A table of the number of found primer sequences is written to STDOUT. This can optionally be redirected to a file using the shell.
Statically compiled executables for Linux are available on the release pages in Github.
There are different ways to use NSCtrim with Docker:
A) The docker images for the current development branch (main) and future releases are automatically generated on each commit. You can find the information here:
https://github.com/orgs/nsc-norway/packages/container/package/nsctrim
B) You can build the program from source inside docker, creating a docker image with the NSCtrim tool.
Clone this git repository, and then run make docker. The docker image nsctrim:VERSION will be created locally.
The version number is determined from the currently checked out git tag, but you can override this version by
setting the environment variable VERSION. The command NSCtrim is available on the path inside the docker image.
C) You can even create a docker image more directly using the github URL. You have to give it the version manually, for the purpose of printing the version in the tool's output (suggestions for how to fix it are welcome).
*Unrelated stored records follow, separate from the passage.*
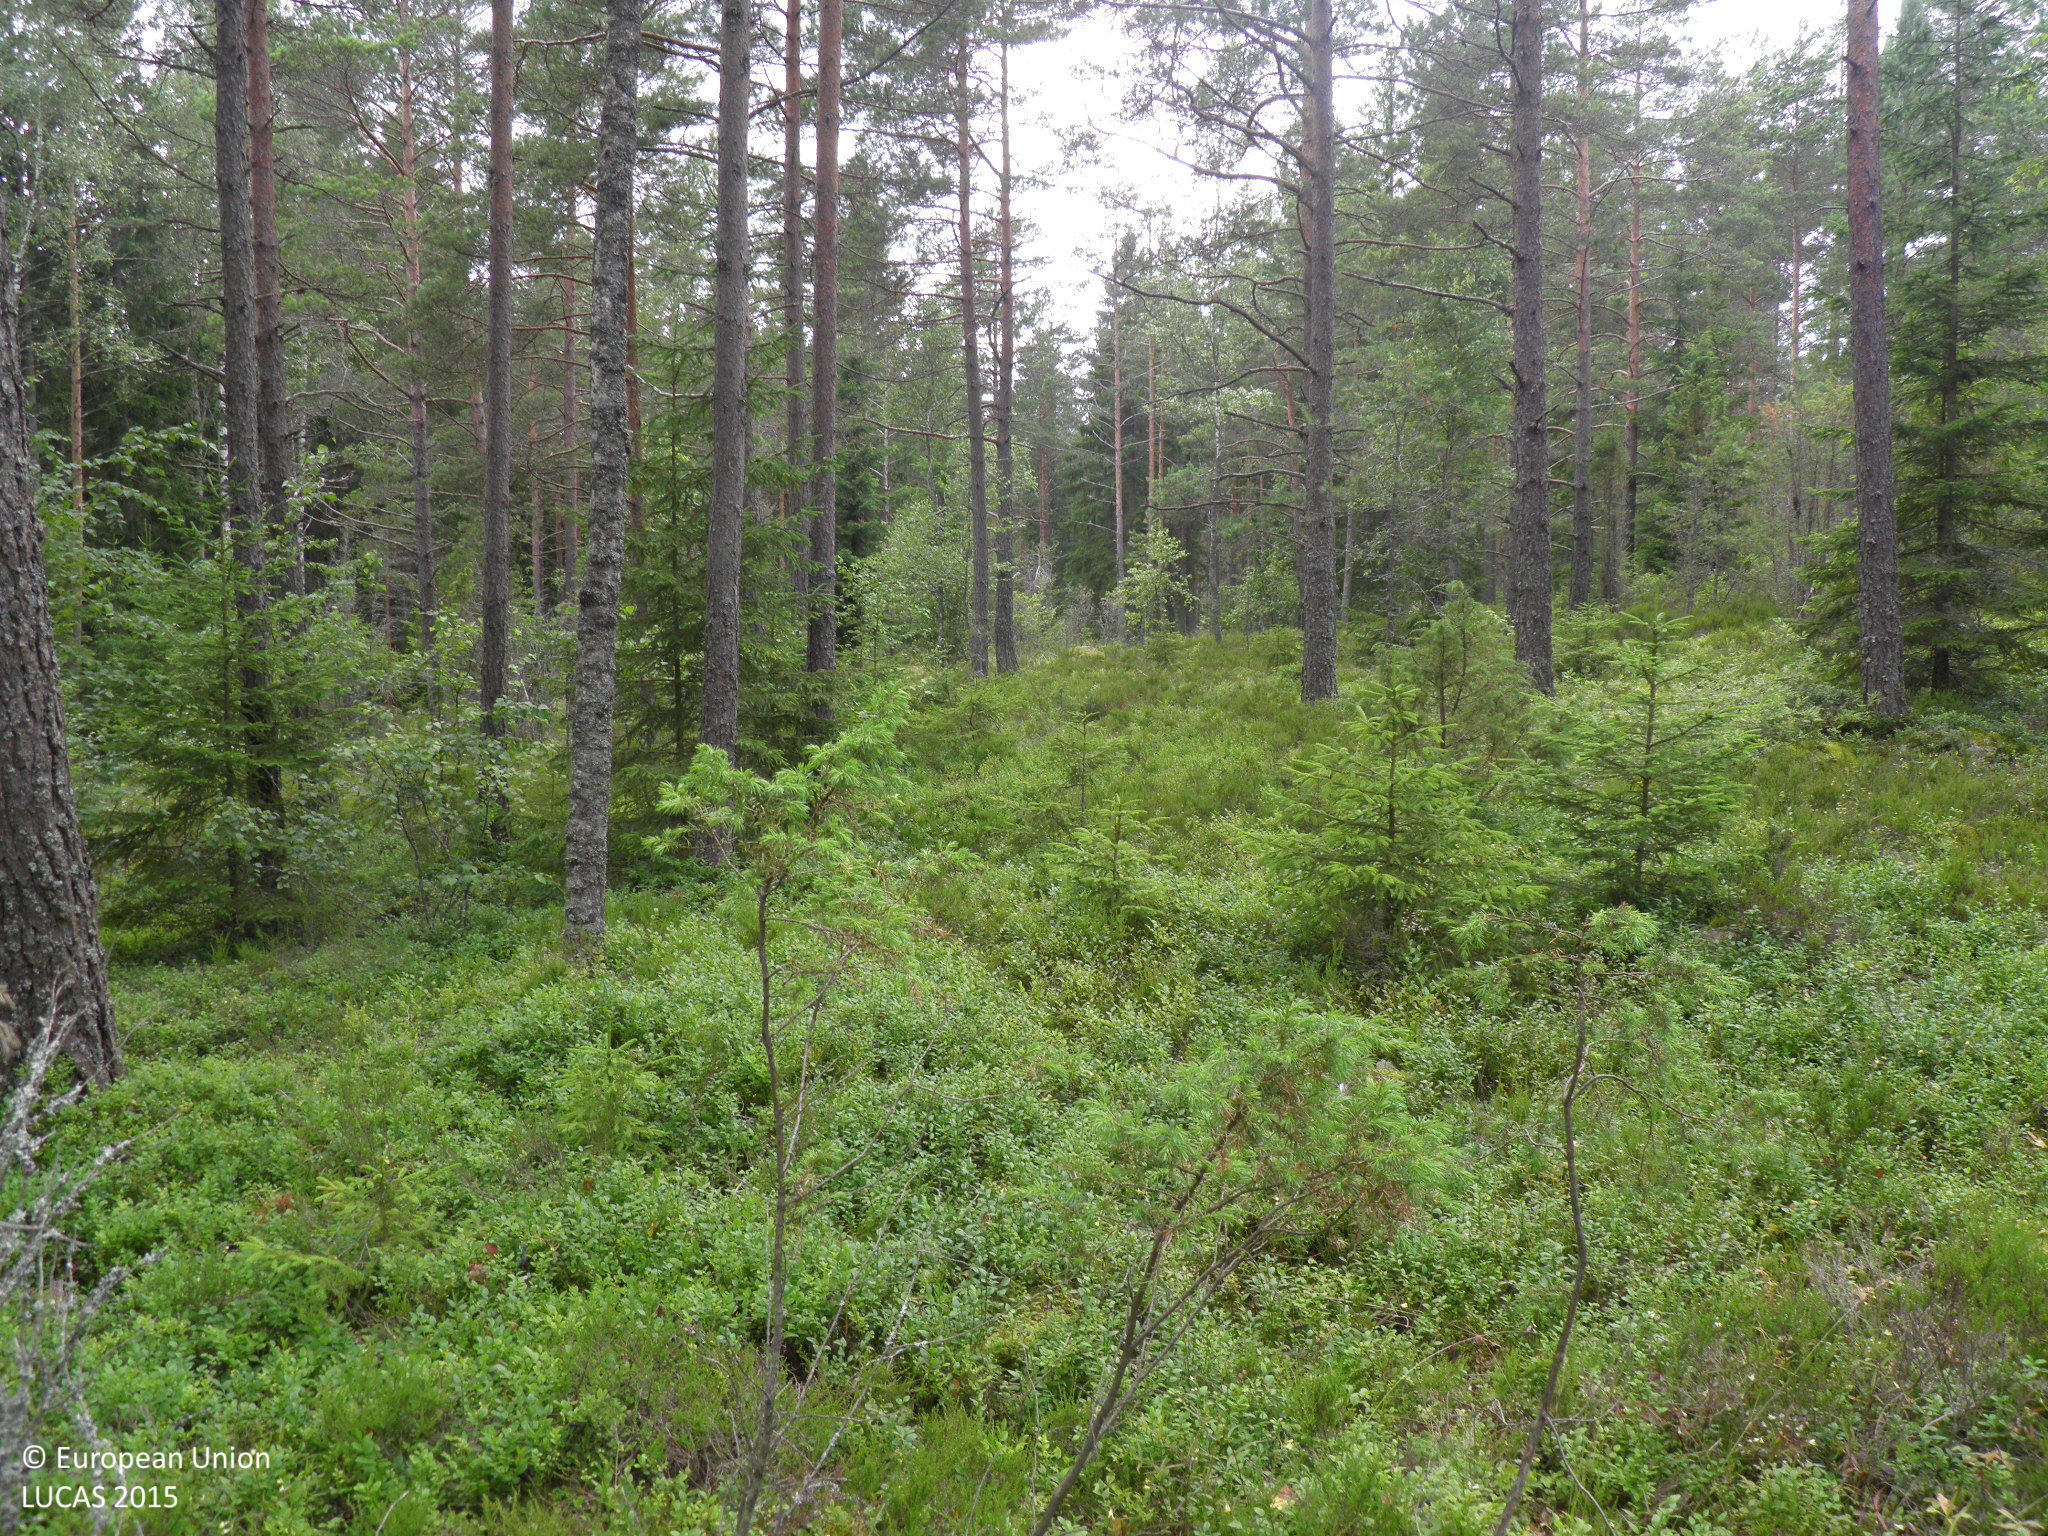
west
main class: Woodland
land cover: Pine dominated coniferous woodland
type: hemiboreal forest and nemoral coniferous forest and mixed broadleaved-coniferous forest
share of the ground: 25 - 50 %
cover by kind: shrubs 50 %, coniferous forest trees 25 %, herbaceous plants 20 %, broadleaved forest trees 5 %
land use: Forestry
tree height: > 5 m
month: July
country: FI
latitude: 60.0487
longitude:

Specify any tag to build -- 1.3.1 in the example:
docker build -t nsctrim:1.3.1 https://github.com/nsc-norway/NSCtrim.git#1.3.1 --build-arg VERSION=1.3.1
You can build the program using a C++ compiler.
Requirements:
- C++ compiler
- GNU Make
- Development files for the following libraries, from Boost:
iostreamsprogram-options
- zlib (
libz)
As an example, you can install the following packages with apt on Ubuntu 20.04 to install the requirements:
build-essentiallibboost-iostreams-devlibboost-program-options-devlibz-dev
On FreeBSD 12: Install with pkg install:
devel/boost-alllang/gcc
Set environment variable:
CFLAGS="-I/usr/local/include -L/usr/local/lib"
After installing dependencies (any platform): Run make to make a dynamically linked executable.
Run make NSCtrim.static to make a statically linked executable. This can be used on Linux computers that don't have Boost installed. (you can rename the file to NSCtrim)
The version string is taken automatically from the currently committed git tag. To define your own version, commit the changes (locally) and create a tag with git tag.
There is no installation, but you can copy the file to /usr/bin to be able to run it on the command line.